Material for this task START

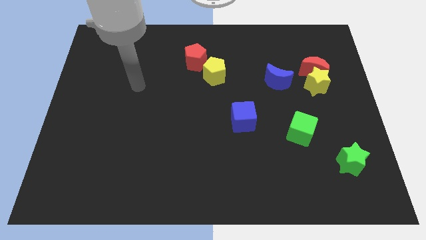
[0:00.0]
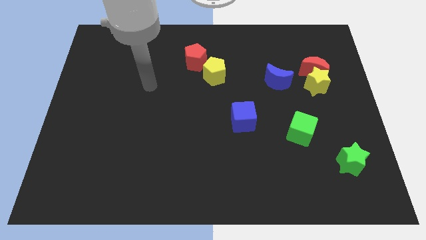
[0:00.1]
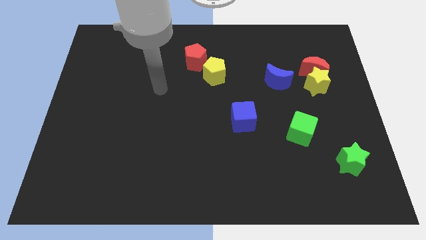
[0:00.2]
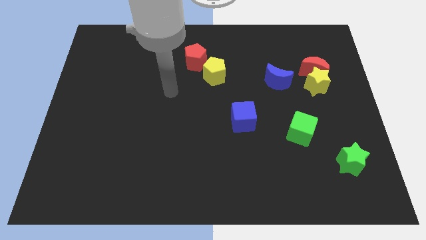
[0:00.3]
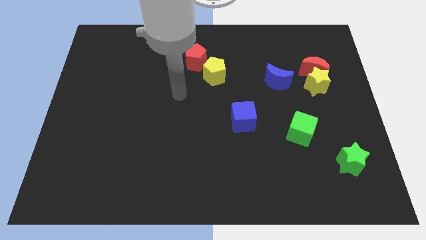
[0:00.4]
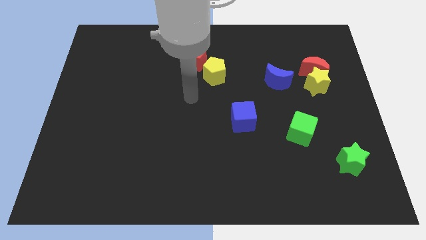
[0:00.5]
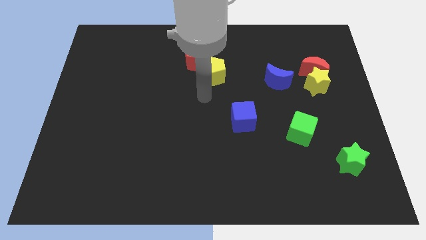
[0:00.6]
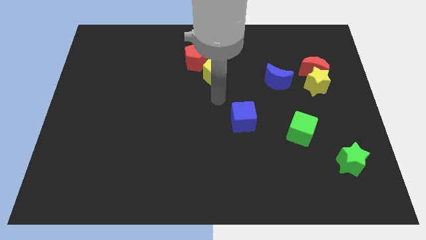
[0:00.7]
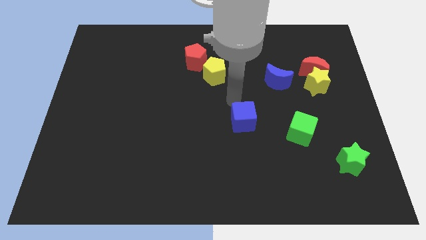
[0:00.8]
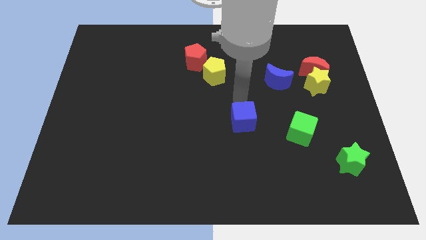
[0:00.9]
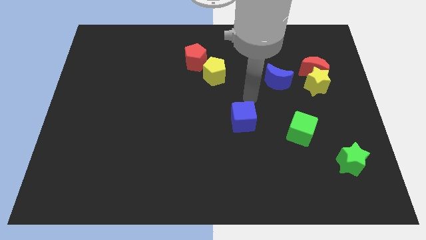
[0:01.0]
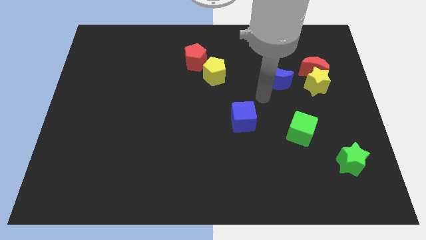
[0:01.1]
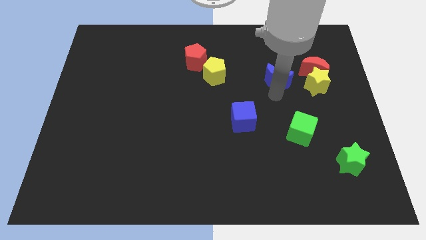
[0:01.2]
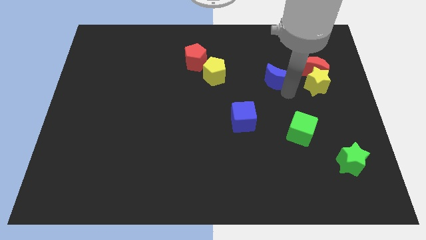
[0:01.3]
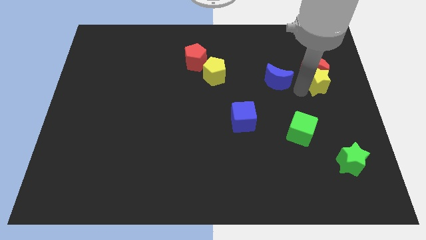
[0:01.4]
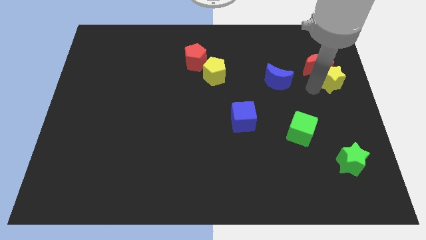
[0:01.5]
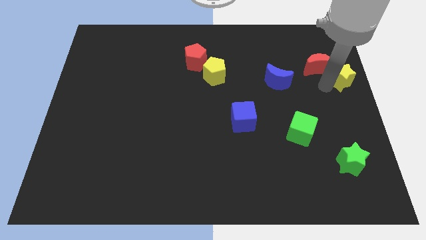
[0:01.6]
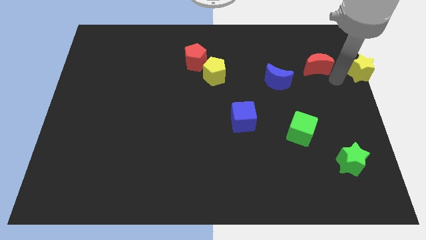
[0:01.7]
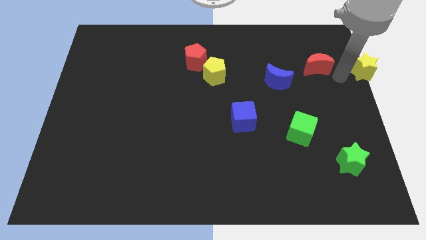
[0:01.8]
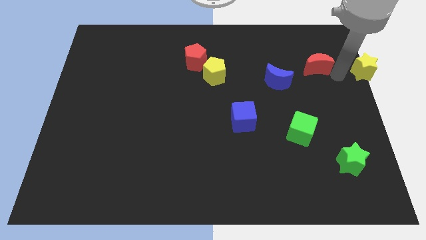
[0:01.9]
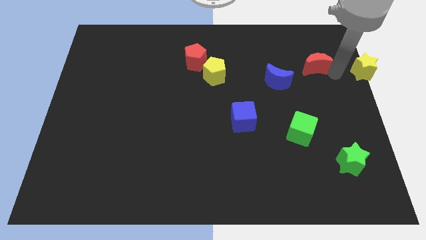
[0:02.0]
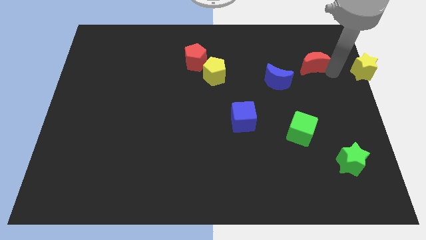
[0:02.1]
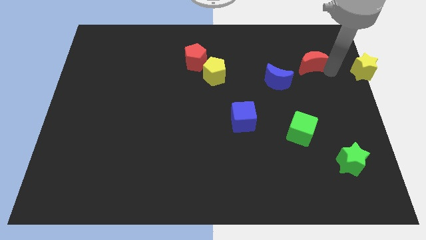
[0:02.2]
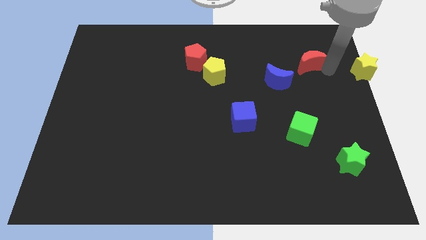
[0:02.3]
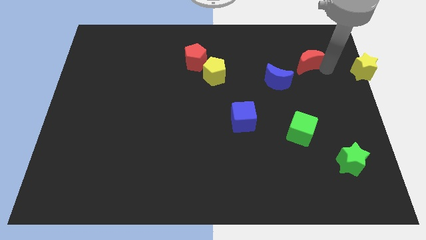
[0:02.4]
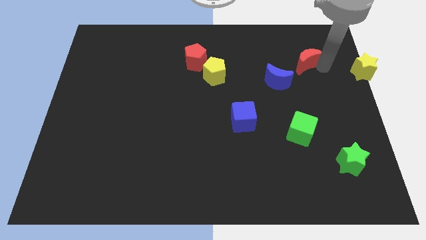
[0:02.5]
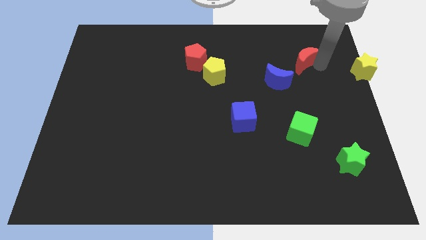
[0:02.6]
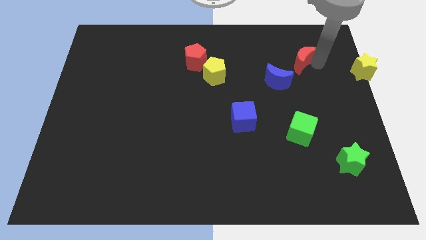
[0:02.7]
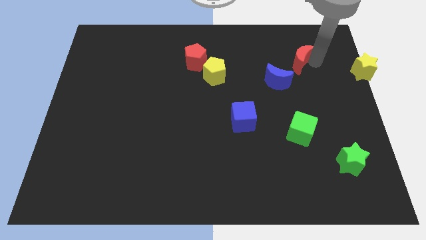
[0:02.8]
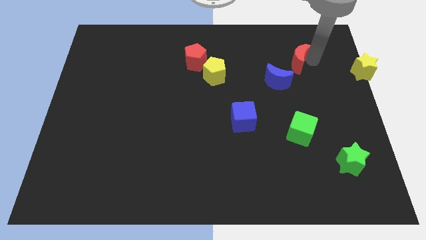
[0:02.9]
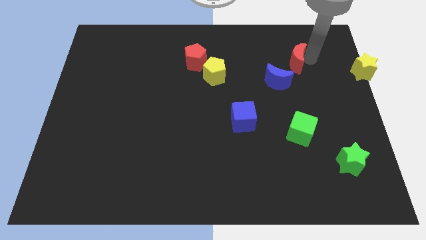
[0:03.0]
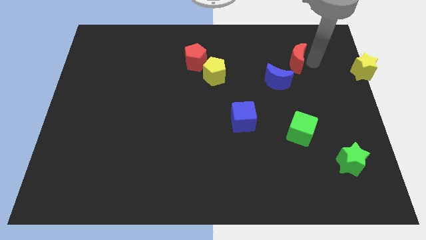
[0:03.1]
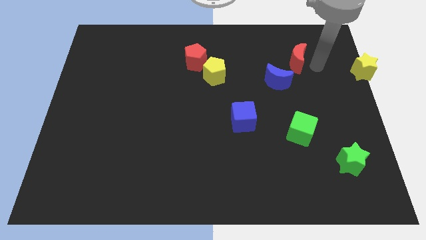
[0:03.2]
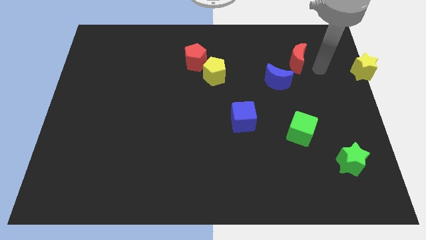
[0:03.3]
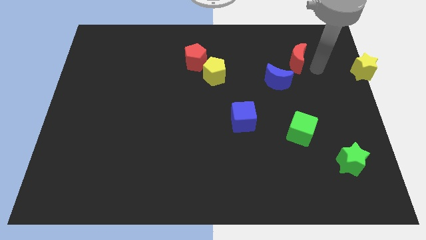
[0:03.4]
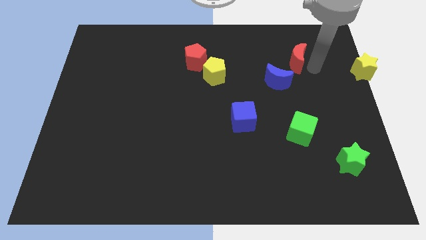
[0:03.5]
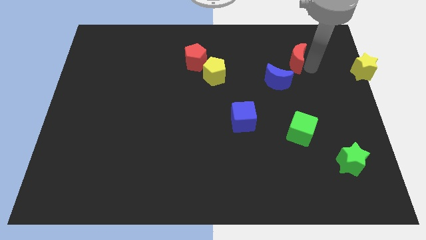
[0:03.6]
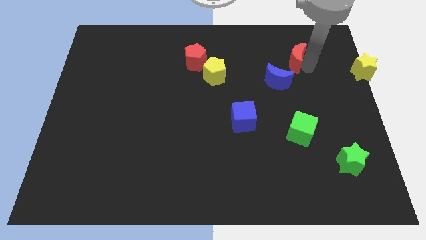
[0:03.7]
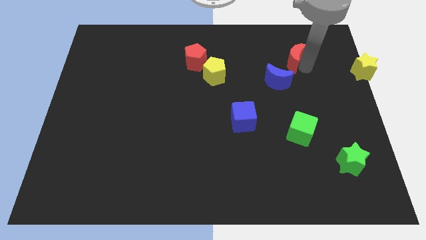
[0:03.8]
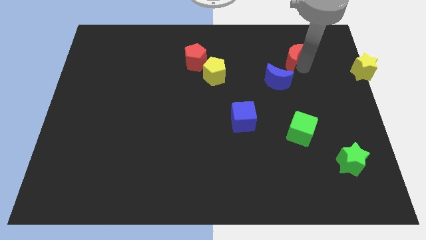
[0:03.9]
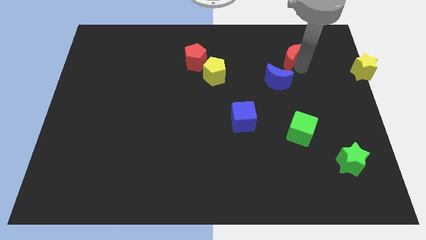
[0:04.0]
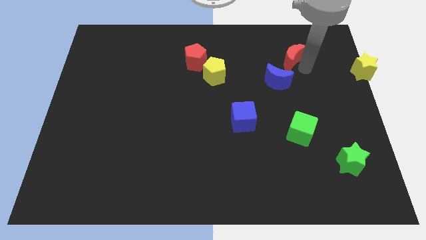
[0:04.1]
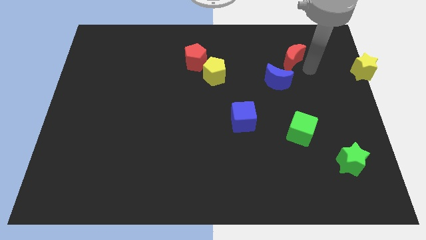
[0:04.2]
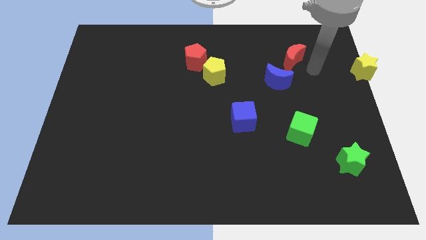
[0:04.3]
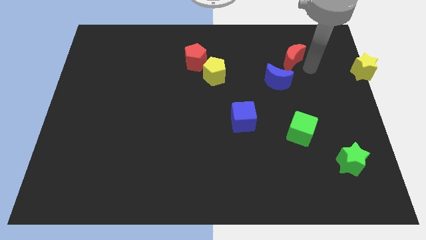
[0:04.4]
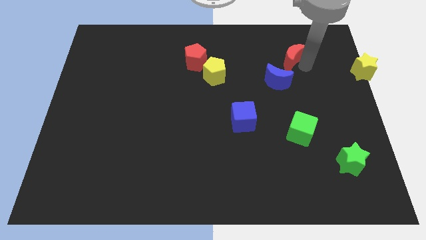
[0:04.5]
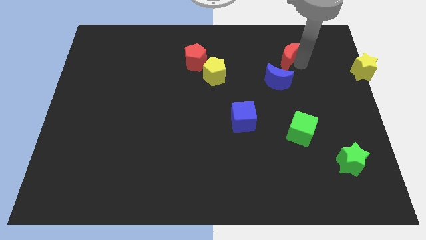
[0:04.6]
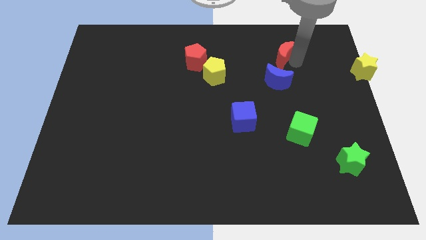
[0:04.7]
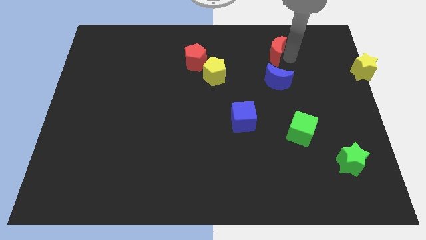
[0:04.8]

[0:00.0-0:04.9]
move the red moon to the left a bit

Material for this task END

Aim of the task: Output every record above word for word, omitting any pictures they contain.

Reply to the exercise:
[0:00.0]
[0:00.1]
[0:00.2]
[0:00.3]
[0:00.4]
[0:00.5]
[0:00.6]
[0:00.7]
[0:00.8]
[0:00.9]
[0:01.0]
[0:01.1]
[0:01.2]
[0:01.3]
[0:01.4]
[0:01.5]
[0:01.6]
[0:01.7]
[0:01.8]
[0:01.9]
[0:02.0]
[0:02.1]
[0:02.2]
[0:02.3]
[0:02.4]
[0:02.5]
[0:02.6]
[0:02.7]
[0:02.8]
[0:02.9]
[0:03.0]
[0:03.1]
[0:03.2]
[0:03.3]
[0:03.4]
[0:03.5]
[0:03.6]
[0:03.7]
[0:03.8]
[0:03.9]
[0:04.0]
[0:04.1]
[0:04.2]
[0:04.3]
[0:04.4]
[0:04.5]
[0:04.6]
[0:04.7]
[0:04.8]

[0:00.0-0:04.9]
move the red moon to the left a bit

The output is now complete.